Local connection to quarantines topic of presentation tonight

March 27, 2009

TRURO – When former Truro resident Ian Cameron was five years old, he caught scarlet fever.
“I just remember being very sick,” recalled Cameron, who was the class valedictorian at Colchester County Academy in 1961.
His family’s home was quarantined. A sign was placed in the window and he was secluded from his siblings in an effort to stop the disease from spreading. The family wasn’t permitted to leave the house.
“I can’t remember how my father got groceries,” said Cameron, 65, who will be discussing the history of quarantines in Nova Scotia this evening at the Colchester Historical Society Museum.
Typhus, cholera and smallpox put a nasty dent in Nova Scotia’s medical history. The worst of these diseases were found in Halifax and Pictou. Truro was more fortunate.
“I think because of it not being a port, it just wasn’t at risk,” said Cameron.
Truro’s strongest link to quarantine history lies with Adams George Archibald, a father of Confederation based in Truro.
When he was 18, Archibald volunteered to be a medical assistant in a quarantine hospital in Halifax in 1832. His life of pubic service is honoured in Truro.
“Adams Street is named after him. Archibald Street is named after him.
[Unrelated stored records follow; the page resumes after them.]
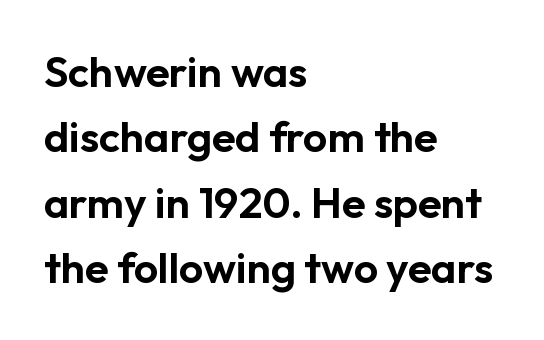
{"serif": "no", "italic": "no", "width": "normal", "stroke_contrast": "low", "x_height": "medium", "monospaced": "no", "underline": "no", "align": "left", "line_spacing": "normal", "line_spacing_ratio": 1.52, "letter_spacing": "normal", "letter_spacing_em": 0.0, "glyph_px": 43}
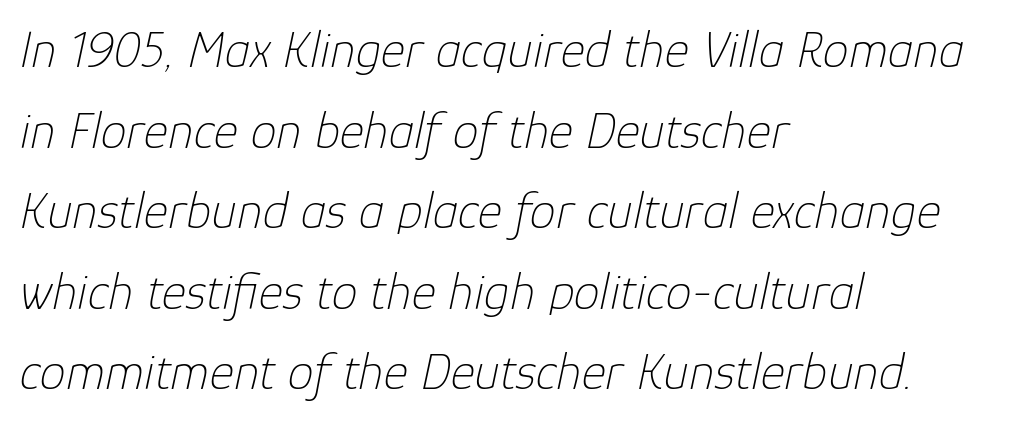
Q: Is the text bold? A: No.
Q: Is the text italic (slanted)? A: Yes, it leans right by about 12 degrees.
Q: Is the text underlined? A: No.
Q: How is the paragraph aligned? A: Left-aligned.
Q: Is the spacing between letters normal or unusually wide? A: Normal.
Q: Is the spacing between lines tight, normal or loose? A: Normal.
Q: Width (condensed, normal, or wide)? A: Normal.
Q: Stroke contrast? A: Low.
Q: x-height? A: Medium.
Q: Monospaced? A: No.
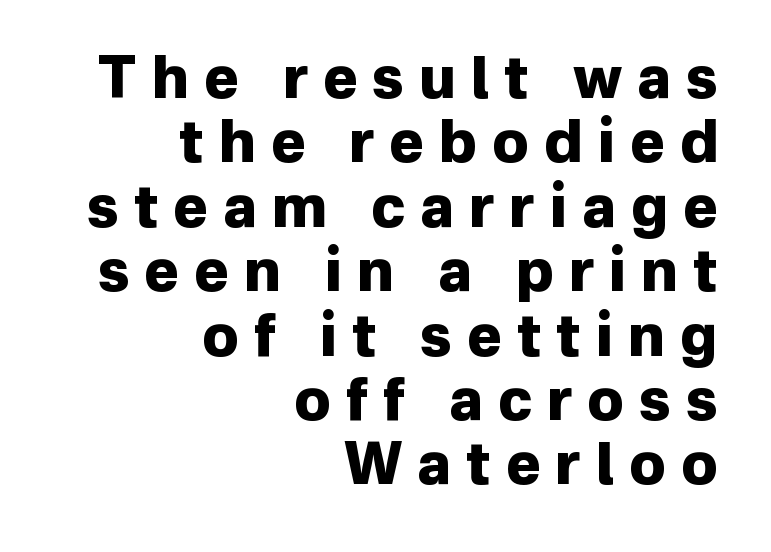
The image shows 58 px heavy sans-serif type, upright; set right-aligned, tight line spacing (1.11x), unusually wide letter spacing (+0.26 em), not underlined; low stroke contrast and a medium x-height.
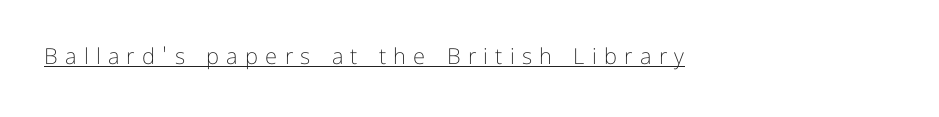
{"italic": "no", "bold": "no", "underline": "yes", "letter_spacing": "wide", "letter_spacing_em": 0.33, "glyph_px": 22}

George Street is named after him,” Cameron said.
Cameron, who is now a professor of Family Medicine at Dalhousie University, is a Fellow of the Canadian College of Family Physicians and a Diplomat of the American Board of Family Practice.
In 2007, Cameron published Quarantine: What is Old is New. It focuses on the history of Truro,
Pictou, Halifax and Lawlor’s Island and the devastating diseases that were passed from port to port.
He also will comment on the fact that infectious diseases still make headlines, only now the names are SARS virus and bird flu rather than smallpox and cholera.
Elinor Maher, chairwoman of the program committee at the Colchester Historical Society, is looking forward to Cameron’s discussion, particularly considering his strong connections to the area. “His father was the principal of the high school and his mother was a delightful lady who was a well-known artist. They were very much a part of Truro,” said Maher.

(This story was published in the Truro Daily News on Thursday, March 26, 2009.)